Долька и правда была словно из другого мира. Она напоминала нежное деревце, которое так и не смогло прижиться на чужеродной почве. Глядя на нее, Виталий иногда думал: может, причина кроется в южных генах? Трудно ей, полуиспаночке, приспособиться к нашей суровой жизни, к зиме, длящейся по полгода… Девочка действительно очень много болела, мгновенно простужалась, с середины осени до поздней весны не вылезала из ангин и ОРЗ. А ведь физическое здоровье – это еще полбеды. И по натуре своей Долька всегда сильно отличалась от своих сверстниц. Очень скрытная – «никогда не поймешь, что у нее на уме!» – возмущалась Лана, – немного диковатая, излишне впечатлительная, не по годам взрослая и рассудительная.

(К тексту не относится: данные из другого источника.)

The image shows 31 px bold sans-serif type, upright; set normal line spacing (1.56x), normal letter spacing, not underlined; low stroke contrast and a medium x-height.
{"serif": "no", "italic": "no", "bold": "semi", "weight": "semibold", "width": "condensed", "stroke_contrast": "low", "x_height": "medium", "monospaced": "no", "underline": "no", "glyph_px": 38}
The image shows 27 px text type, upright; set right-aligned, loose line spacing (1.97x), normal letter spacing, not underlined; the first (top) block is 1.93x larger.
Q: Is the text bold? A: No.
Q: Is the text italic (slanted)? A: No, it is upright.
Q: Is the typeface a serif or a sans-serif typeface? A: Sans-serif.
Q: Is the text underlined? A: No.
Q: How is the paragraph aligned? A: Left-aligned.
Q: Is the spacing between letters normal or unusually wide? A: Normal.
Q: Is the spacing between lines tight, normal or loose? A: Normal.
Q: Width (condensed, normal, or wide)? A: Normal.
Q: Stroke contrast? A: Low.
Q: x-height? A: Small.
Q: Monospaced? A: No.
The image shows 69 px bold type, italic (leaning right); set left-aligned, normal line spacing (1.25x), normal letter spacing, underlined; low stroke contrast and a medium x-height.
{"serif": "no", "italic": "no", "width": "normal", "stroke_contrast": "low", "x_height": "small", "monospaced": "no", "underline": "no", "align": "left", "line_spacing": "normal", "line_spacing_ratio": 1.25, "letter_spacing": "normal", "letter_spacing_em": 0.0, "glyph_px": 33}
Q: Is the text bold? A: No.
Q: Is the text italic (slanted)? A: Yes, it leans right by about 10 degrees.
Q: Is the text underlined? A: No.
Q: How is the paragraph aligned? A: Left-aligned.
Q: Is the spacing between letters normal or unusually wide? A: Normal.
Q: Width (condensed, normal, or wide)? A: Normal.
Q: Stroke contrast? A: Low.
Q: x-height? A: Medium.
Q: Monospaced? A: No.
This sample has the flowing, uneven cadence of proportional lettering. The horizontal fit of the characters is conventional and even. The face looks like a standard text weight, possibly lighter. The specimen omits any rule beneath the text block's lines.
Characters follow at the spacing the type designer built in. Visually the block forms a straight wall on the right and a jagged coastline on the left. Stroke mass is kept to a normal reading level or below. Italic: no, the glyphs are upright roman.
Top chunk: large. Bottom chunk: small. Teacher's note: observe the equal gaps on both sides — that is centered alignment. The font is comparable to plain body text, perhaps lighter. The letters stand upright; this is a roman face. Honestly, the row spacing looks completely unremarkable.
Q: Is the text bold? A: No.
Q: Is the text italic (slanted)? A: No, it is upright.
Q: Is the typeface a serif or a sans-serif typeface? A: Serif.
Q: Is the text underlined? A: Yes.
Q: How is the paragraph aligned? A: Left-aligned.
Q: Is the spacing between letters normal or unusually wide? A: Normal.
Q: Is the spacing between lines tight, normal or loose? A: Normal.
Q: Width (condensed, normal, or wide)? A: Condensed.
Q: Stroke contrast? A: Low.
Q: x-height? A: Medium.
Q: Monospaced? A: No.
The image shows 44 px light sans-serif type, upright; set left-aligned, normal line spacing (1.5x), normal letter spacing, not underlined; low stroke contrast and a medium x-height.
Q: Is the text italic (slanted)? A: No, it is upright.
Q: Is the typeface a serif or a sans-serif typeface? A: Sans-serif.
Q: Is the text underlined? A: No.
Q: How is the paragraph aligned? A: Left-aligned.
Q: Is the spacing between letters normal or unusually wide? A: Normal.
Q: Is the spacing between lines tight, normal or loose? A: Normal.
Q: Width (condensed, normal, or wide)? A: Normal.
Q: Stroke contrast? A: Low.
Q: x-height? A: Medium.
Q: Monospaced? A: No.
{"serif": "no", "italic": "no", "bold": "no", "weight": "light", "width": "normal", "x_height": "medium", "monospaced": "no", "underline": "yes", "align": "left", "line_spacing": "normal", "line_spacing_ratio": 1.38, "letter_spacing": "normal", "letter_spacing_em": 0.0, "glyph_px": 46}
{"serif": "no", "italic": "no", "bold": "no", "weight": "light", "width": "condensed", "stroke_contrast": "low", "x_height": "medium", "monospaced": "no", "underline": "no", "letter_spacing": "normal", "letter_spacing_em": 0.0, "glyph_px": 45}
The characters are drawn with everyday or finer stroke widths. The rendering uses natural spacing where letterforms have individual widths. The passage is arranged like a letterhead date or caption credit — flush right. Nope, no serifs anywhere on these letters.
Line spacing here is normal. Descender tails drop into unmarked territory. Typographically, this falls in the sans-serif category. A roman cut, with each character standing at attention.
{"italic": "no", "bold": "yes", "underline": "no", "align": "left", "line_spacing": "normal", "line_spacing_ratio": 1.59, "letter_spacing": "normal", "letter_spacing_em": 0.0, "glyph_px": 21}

Очень скоро они поняли, что у них много общего. Ей нравились те же книги и те же мультфильмы, что и Малахову. Оба они любили, задрав голову, смотреть в небо, и никак не могли решить, что же им нравится больше – облака или звезды. Первое время он даже поднимал ее и сажал к себе на плечи – ей почему-то казалось, что так небо видно гораздо лучше… Она боялась грозы – как и он в детстве. Она ненавидела кипяченое молоко с пенками, обожала клубнику, вареную колбасу и сосиски, могла, не вылезая, просидеть чуть ли не целый день в воде и просто млела от аромата свежескошенного сена. У нее было почти такое же острое обоняние, как и у Виталия, но при этом она воспринимала весь мир через цветовую гамму. Девочка запросто могла сказать что-то вроде: «пахнет чем-то красным» или «дяденька такой желтенький в полосочку». И один только отчим понимал, что запах ей неприятен, а человек симпатичен.
А еще у нее были какие-то очень своеобразные игры. Она могла часами сидеть, не отрывая взгляда от картинки, и тихо шептать что-то себе под нос.